Fusillade en Californie«Ce pays devient fou»
Ils célébraient «l’année du lapin», mais leur Nouvel An chinois a soudainement viré à l’horreur: les habitants de Monterey Park sont sous le choc.

Dix personnes ont perdu la vie dans la fusillade survenue samedi soir dans un dancing.
Getty Images via AFPAprès la mort de dix personnes dans la tuerie de samedi soir à Monterey Park, les habitants de cette banlieue asiatique de Los Angeles sont complètement sonnés. Dans cette ville de 60’000 habitants, lanternes rouges et banderoles remplies d’idéogrammes suspendues pour le réveillon surplombent encore la chaussée. Mais autour du dancing où a eu lieu le drame, les cordons jaunes des forces de l’ordre et les policiers lourdement armés gâchent désormais la fête.
«Ce genre de choses n’arrive pas ici», souffle Wynn Liaw, une voisine venue devant cette salle prisée des seniors du coin, pour tenter de comprendre ce qu’il s’est passé. Du haut de ses 57 ans, dont 40 passés dans la ville, cette vétérinaire chinoise retraitée a encore du mal à croire qu’un massacre s’est déroulé juste là. «C’est un quartier très sûr, où je peux marcher la nuit et où je n’ai absolument pas à me soucier de la violence par arme à feu», confie-t-elle, pendant que les hélicoptères de la police virevoltent dans le ciel.
Le souvenir d’Uvalde
Samedi soir, un suspect d’origine asiatique est entré dans la salle de bal pour abattre cinq hommes et cinq femmes, et a fait au moins dix blessés, selon les autorités. Il a été retrouvé mort après s’être vraisemblablement suicidé dans une camionnette blanche au terme d’une course poursuite avec la police.
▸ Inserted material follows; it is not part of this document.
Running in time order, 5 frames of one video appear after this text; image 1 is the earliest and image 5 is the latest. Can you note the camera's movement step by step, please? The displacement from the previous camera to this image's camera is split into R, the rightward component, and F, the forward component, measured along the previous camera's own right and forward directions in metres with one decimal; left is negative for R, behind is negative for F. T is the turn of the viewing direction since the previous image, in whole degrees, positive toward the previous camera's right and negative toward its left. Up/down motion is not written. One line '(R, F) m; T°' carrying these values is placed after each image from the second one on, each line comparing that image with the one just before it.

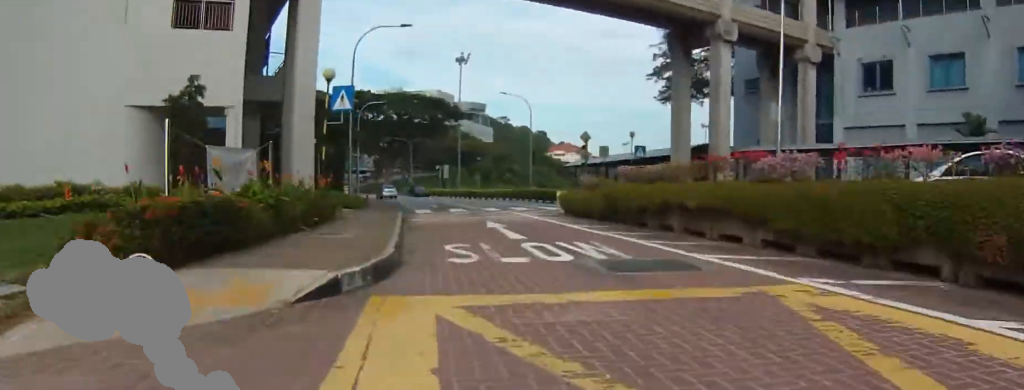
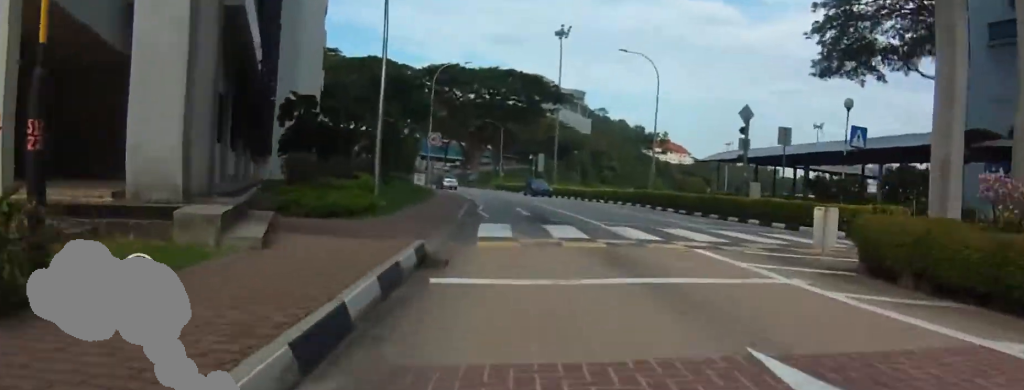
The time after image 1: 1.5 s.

Cette tuerie, la plus meurtrière aux États-Unis depuis le massacre d’Uvalde, a pris la ville complètement par surprise.
À une dizaine de kilomètres du centre-ville de Los Angeles, Monterey Park est considéré comme le «nouveau Chinatown» de cette mégalopole californienne par ses habitants. «C’est un endroit où il ne se passe normalement pas grand-chose», résume Ken Nim, en promenant son chien.
«J’ai le sentiment que c’est une histoire personnelle»
«C’est vraiment triste, ce pays devient fou», reprend Nim, incrédule. «Nous avons vu des tueries de masse dans plein de villes et d’États différents, et maintenant cela arrive chez nous.» Au milieu des rues bouclées, les habitants tentent de trouver un sens à ce déferlement de violence. Sur les téléphones, des photos circulent montrant des cadavres allongés au sol, dans une salle éclairée par des spots multicolores.
Au départ, nombre d’entre eux ont craint un crime raciste. Mais l’origine asiatique du suspect, révélée dans la matinée par le shérif, a jeté le trouble et chacun en est désormais réduit aux spéculations. «J’ai le sentiment que c’est une histoire personnelle», hasarde Jerry Liu, un chauffeur routier de 26 ans.
Samedi dans la journée, des milliers de personnes se sont pressées dans l’artère principale, entre les stands de brochettes de viandes et la fête foraine. «Il y a une raison pour laquelle il a visé le dancing. Sinon, il aurait pu aller au marché plus tôt dans la journée et faire beaucoup plus de morts», insiste le jeune homme.
Devant le cordon de police, Chester Chong avance, lui, une possible histoire de jalousie, de la part d’un homme qui n’aurait pas été invité à la soirée où participait sa femme. «Le problème, c’est que nous avons tellement d’armes à feu dans ce pays», soupire ce président de la Chambre de commerce chinoise de Los Angeles, qui assure connaître le propriétaire de la salle de danse. «C’est tellement facile de prendre une arme et de commettre un acte stupide.»